Arun Sankar | Afp | Getty Images

Business confidence in Sri Lanka is at its lowest in years, according to the chairman of the Ceylon Chambers of Commerce Vish Govindasamy.

“Business confidence is probably at its lowest since I’ve been in business. It’s probably the most difficult times that we have faced. But we are resilient,” he told CNBC hours before the lawmakers in Sri Lanka were scheduled to elect a successor to former President Gotabaya Rajapaksa, who has fled the country.

“The businesses are making sure we survive through this difficult time… [but] reforms are absolutely necessary,” he said Wednesday on “Squawk Box Asia.”

Sri Lanka has faced months of demonstrations over shortages of food and fuel amid the worst economic crisis in the island nation’s history.

Last week, angry protestors stormed the home of Rajapaksa, whom they blame for mismanagement of the crisis, and the president fled the country and resigned days later.

Prime Minister Ranil Wickremesinghe, who is now also the acting president, is one of the contenders in a three-way race for the presidency.

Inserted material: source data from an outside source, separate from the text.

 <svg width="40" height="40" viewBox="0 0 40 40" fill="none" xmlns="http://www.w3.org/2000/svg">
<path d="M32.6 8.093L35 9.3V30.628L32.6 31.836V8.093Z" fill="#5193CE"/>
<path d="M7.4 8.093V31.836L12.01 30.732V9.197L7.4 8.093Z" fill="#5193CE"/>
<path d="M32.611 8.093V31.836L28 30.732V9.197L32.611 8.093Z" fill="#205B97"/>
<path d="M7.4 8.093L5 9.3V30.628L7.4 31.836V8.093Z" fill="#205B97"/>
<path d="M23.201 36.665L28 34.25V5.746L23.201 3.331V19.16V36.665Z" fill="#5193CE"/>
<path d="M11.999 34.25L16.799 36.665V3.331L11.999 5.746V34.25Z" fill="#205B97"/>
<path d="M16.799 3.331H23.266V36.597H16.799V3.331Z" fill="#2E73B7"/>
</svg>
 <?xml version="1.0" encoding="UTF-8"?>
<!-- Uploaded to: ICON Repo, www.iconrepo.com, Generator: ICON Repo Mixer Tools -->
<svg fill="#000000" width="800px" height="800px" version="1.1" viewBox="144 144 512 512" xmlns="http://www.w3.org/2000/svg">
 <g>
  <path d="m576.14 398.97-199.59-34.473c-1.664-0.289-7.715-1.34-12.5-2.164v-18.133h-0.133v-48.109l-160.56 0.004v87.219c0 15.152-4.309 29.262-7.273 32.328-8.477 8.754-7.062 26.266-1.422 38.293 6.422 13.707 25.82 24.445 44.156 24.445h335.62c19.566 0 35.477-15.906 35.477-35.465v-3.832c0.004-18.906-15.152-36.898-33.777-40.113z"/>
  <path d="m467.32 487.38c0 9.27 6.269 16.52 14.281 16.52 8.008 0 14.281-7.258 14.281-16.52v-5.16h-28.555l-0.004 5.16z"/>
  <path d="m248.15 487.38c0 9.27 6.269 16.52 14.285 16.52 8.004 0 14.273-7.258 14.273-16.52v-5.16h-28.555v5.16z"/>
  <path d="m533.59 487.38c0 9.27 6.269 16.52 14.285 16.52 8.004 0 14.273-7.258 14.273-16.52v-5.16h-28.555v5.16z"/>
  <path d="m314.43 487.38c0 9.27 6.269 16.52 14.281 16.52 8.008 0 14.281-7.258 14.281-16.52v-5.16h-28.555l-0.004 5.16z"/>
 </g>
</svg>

Lawmakers are scheduled to elect a successor to Rajapaksa later on Wednesday. 

Apart from Wickremesinghe, Dullas Alahapperuma — who also belongs to the ruling Sri Lanka Podujana Peramuna party — is also in the race, and has reportedly won the support of a separate faction within the party. Leftist politician Anura Kumara Dissanayake is also one of the candidates in the three-way contest.

Main opposition leader Sajith Premadasa from the Samagi Jana Balawegaya withdrew from the race on Tuesday, throwing his support behind Alahapperuma, who is also supported by other opposition members.

A bipartisan consensus has emerged around Alahapperuma, said Asanga Abeyagoonasekera, senior fellow at global think tank Millennium Project. Though once aligned with Rajapaksa, Alahapperuma now belongs to a different faction of the ruling party.

“Dullas is a senior politician. He will win most  senior politicians’ support. Sajith is experienced and can bring the opposition together,” Abeyagoonasekera said.

The political analyst said whoever becomes the next leader will need to ensure accountability by “prosecuting the corrupt.”

They need to “dismantle the autocratic footprint left by Gotabaya and democratize, bring back checks and balances and independent institutions,” he said.